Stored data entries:
________________
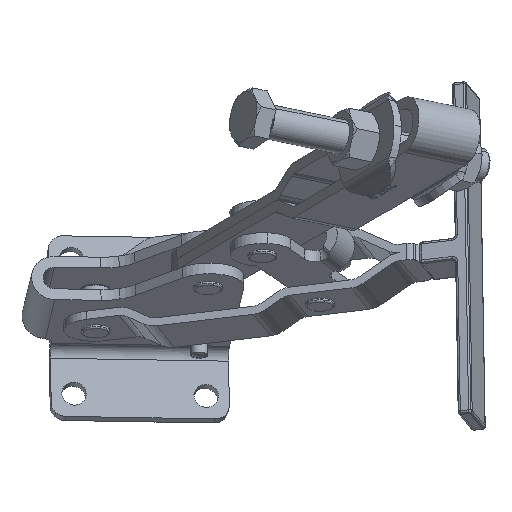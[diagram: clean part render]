
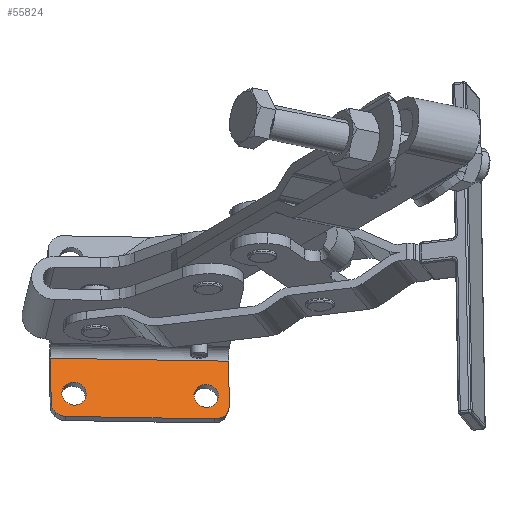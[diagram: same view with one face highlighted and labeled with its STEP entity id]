
A CAD part, top view. The second image highlights one B-rep face of the part: STEP entity #55824.
In plain terms, the highlighted planar face has unit normal (0.088, 0.354, 0.931).
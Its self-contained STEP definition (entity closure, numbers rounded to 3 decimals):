
#1794=CARTESIAN_POINT('',(-46.749,-83.073,57.863));
#1795=VERTEX_POINT('',#1794);
#1804=CARTESIAN_POINT('',(-50.247,-84.384,58.691));
#1805=VERTEX_POINT('',#1804);
#1806=CARTESIAN_POINT('',(-50.326,-79.71,56.919));
#1807=DIRECTION('',(-0.088,-0.354,-0.931));
#1808=DIRECTION('',(0.715,-0.673,0.189));
#1809=AXIS2_PLACEMENT_3D('',#1806,#1807,#1808);
#1810=CIRCLE('',#1809,5.);
#1811=EDGE_CURVE('',#1795,#1805,#1810,.T.);
#1836=CARTESIAN_POINT('',(-105.585,-82.104,63.032));
#1837=VERTEX_POINT('',#1836);
#1846=CARTESIAN_POINT('',(-107.1,-78.774,61.907));
#1847=VERTEX_POINT('',#1846);
#1848=CARTESIAN_POINT('',(-102.12,-78.856,61.469));
#1849=DIRECTION('',(-0.088,-0.354,-0.931));
#1850=DIRECTION('',(-0.693,-0.649,0.313));
#1851=AXIS2_PLACEMENT_3D('',#1848,#1849,#1850);
#1852=CIRCLE('',#1851,5.);
#1853=EDGE_CURVE('',#1837,#1847,#1852,.T.);
#2124=CARTESIAN_POINT('',(-96.146,-78.492,60.768));
#2125=VERTEX_POINT('',#2124);
#2134=CARTESIAN_POINT('',(-99.253,-71.66,58.459));
#2135=VERTEX_POINT('',#2134);
#2136=CARTESIAN_POINT('',(-99.187,-75.633,59.966));
#2137=DIRECTION('',(0.088,0.354,0.931));
#2138=DIRECTION('',(-0.715,0.673,-0.189));
#2139=AXIS2_PLACEMENT_3D('',#2136,#2137,#2138);
#2140=CIRCLE('',#2139,4.25);
#2141=EDGE_CURVE('',#2125,#2135,#2140,.T.);
#2143=CARTESIAN_POINT('',(-102.227,-72.774,59.164));
#2144=VERTEX_POINT('',#2143);
#2145=CARTESIAN_POINT('',(-99.187,-75.633,59.966));
#2146=DIRECTION('',(0.088,0.354,0.931));
#2147=DIRECTION('',(-0.715,0.673,-0.189));
#2148=AXIS2_PLACEMENT_3D('',#2145,#2146,#2147);
#2149=CIRCLE('',#2148,4.25);
#2150=EDGE_CURVE('',#2135,#2144,#2149,.T.);
#2184=CARTESIAN_POINT('',(-50.329,-79.247,56.743));
#2185=VERTEX_POINT('',#2184);
#2194=CARTESIAN_POINT('',(-53.436,-72.415,54.434));
#2195=VERTEX_POINT('',#2194);
#2196=CARTESIAN_POINT('',(-53.369,-76.388,55.94));
#2197=DIRECTION('',(0.088,0.354,0.931));
#2198=DIRECTION('',(-0.715,0.673,-0.189));
#2199=AXIS2_PLACEMENT_3D('',#2196,#2197,#2198);
#2200=CIRCLE('',#2199,4.25);
#2201=EDGE_CURVE('',#2185,#2195,#2200,.T.);
#2203=CARTESIAN_POINT('',(-56.41,-73.529,55.138));
#2204=VERTEX_POINT('',#2203);
#2205=CARTESIAN_POINT('',(-53.369,-76.388,55.94));
#2206=DIRECTION('',(0.088,0.354,0.931));
#2207=DIRECTION('',(-0.715,0.673,-0.189));
#2208=AXIS2_PLACEMENT_3D('',#2205,#2206,#2207);
#2209=CIRCLE('',#2208,4.25);
#2210=EDGE_CURVE('',#2195,#2204,#2209,.T.);
#55122=CARTESIAN_POINT('',(-45.606,-64.366,50.632));
#55123=VERTEX_POINT('',#55122);
#55131=CARTESIAN_POINT('',(-45.346,-79.792,56.481));
#55132=VERTEX_POINT('',#55131);
#55133=CARTESIAN_POINT('',(-45.346,-79.792,56.481));
#55134=DIRECTION('',(-0.016,0.935,-0.355));
#55135=VECTOR('',#55134,16.5);
#55136=LINE('',#55133,#55135);
#55137=EDGE_CURVE('',#55132,#55123,#55136,.T.);
#55380=CARTESIAN_POINT('',(-53.369,-76.388,55.94));
#55381=DIRECTION('',(0.088,0.354,0.931));
#55382=DIRECTION('',(-0.715,0.673,-0.189));
#55383=AXIS2_PLACEMENT_3D('',#55380,#55381,#55382);
#55384=CIRCLE('',#55383,4.25);
#55385=EDGE_CURVE('',#2204,#2185,#55384,.T.);
#55404=CARTESIAN_POINT('',(-99.187,-75.633,59.966));
#55405=DIRECTION('',(0.088,0.354,0.931));
#55406=DIRECTION('',(-0.715,0.673,-0.189));
#55407=AXIS2_PLACEMENT_3D('',#55404,#55405,#55406);
#55408=CIRCLE('',#55407,4.25);
#55409=EDGE_CURVE('',#2144,#2125,#55408,.T.);
#55709=CARTESIAN_POINT('',(-102.041,-83.531,63.242));
#55710=VERTEX_POINT('',#55709);
#55717=CARTESIAN_POINT('',(-102.12,-78.856,61.469));
#55718=DIRECTION('',(-0.088,-0.354,-0.931));
#55719=DIRECTION('',(-0.693,-0.649,0.313));
#55720=AXIS2_PLACEMENT_3D('',#55717,#55718,#55719);
#55721=CIRCLE('',#55720,5.);
#55722=EDGE_CURVE('',#55710,#1837,#55721,.T.);
#55733=CARTESIAN_POINT('',(-107.359,-63.348,56.058));
#55734=VERTEX_POINT('',#55733);
#55735=CARTESIAN_POINT('',(-107.359,-63.348,56.058));
#55736=DIRECTION('',(0.016,-0.935,0.355));
#55737=VECTOR('',#55736,16.5);
#55738=LINE('',#55735,#55737);
#55739=EDGE_CURVE('',#55734,#1847,#55738,.T.);
#55783=CARTESIAN_POINT('',(-76.345,-72.037,56.447));
#55784=DIRECTION('',(0.088,0.354,0.931));
#55785=DIRECTION('',(0.996,-0.016,-0.088));
#55786=AXIS2_PLACEMENT_3D('',#55783,#55784,#55785);
#55787=PLANE('',#55786);
#55788=ORIENTED_EDGE('',*,*,#55722,.F.);
#55789=CARTESIAN_POINT('',(-102.041,-83.531,63.242));
#55790=DIRECTION('',(0.996,-0.016,-0.088));
#55791=VECTOR('',#55790,52.);
#55792=LINE('',#55789,#55791);
#55793=EDGE_CURVE('',#55710,#1805,#55792,.T.);
#55794=ORIENTED_EDGE('',*,*,#55793,.T.);
#55795=ORIENTED_EDGE('',*,*,#1811,.F.);
#55796=CARTESIAN_POINT('',(-50.326,-79.71,56.919));
#55797=DIRECTION('',(-0.088,-0.354,-0.931));
#55798=DIRECTION('',(0.715,-0.673,0.189));
#55799=AXIS2_PLACEMENT_3D('',#55796,#55797,#55798);
#55800=CIRCLE('',#55799,5.);
#55801=EDGE_CURVE('',#55132,#1795,#55800,.T.);
#55802=ORIENTED_EDGE('',*,*,#55801,.F.);
#55803=ORIENTED_EDGE('',*,*,#55137,.T.);
#55804=CARTESIAN_POINT('',(-45.606,-64.366,50.632));
#55805=DIRECTION('',(-0.996,0.016,0.088));
#55806=VECTOR('',#55805,62.);
#55807=LINE('',#55804,#55806);
#55808=EDGE_CURVE('',#55123,#55734,#55807,.T.);
#55809=ORIENTED_EDGE('',*,*,#55808,.T.);
#55810=ORIENTED_EDGE('',*,*,#55739,.T.);
#55811=ORIENTED_EDGE('',*,*,#1853,.F.);
#55812=EDGE_LOOP('',(#55788,#55794,#55795,#55802,#55803,#55809,#55810,#55811));
#55813=FACE_OUTER_BOUND('',#55812,.T.);
#55814=ORIENTED_EDGE('',*,*,#2210,.F.);
#55815=ORIENTED_EDGE('',*,*,#2201,.F.);
#55816=ORIENTED_EDGE('',*,*,#55385,.F.);
#55817=EDGE_LOOP('',(#55814,#55815,#55816));
#55818=FACE_BOUND('',#55817,.T.);
#55819=ORIENTED_EDGE('',*,*,#2150,.F.);
#55820=ORIENTED_EDGE('',*,*,#2141,.F.);
#55821=ORIENTED_EDGE('',*,*,#55409,.F.);
#55822=EDGE_LOOP('',(#55819,#55820,#55821));
#55823=FACE_BOUND('',#55822,.T.);
#55824=ADVANCED_FACE('',(#55813,#55818,#55823),#55787,.T.);
________________
--- EXERCISE DIRECTIONS ---
Return the opening line of the data above and every line after it up to and including the line that holds "A CAD part, top"; pictures stay out.

--- YOUR SOLUTION ---
[diagram: clean part render]
[diagram: same view with one face highlighted and labeled with its STEP entity id]
A CAD part, top view. The second image highlights one B-rep face of the part: STEP entity #55824.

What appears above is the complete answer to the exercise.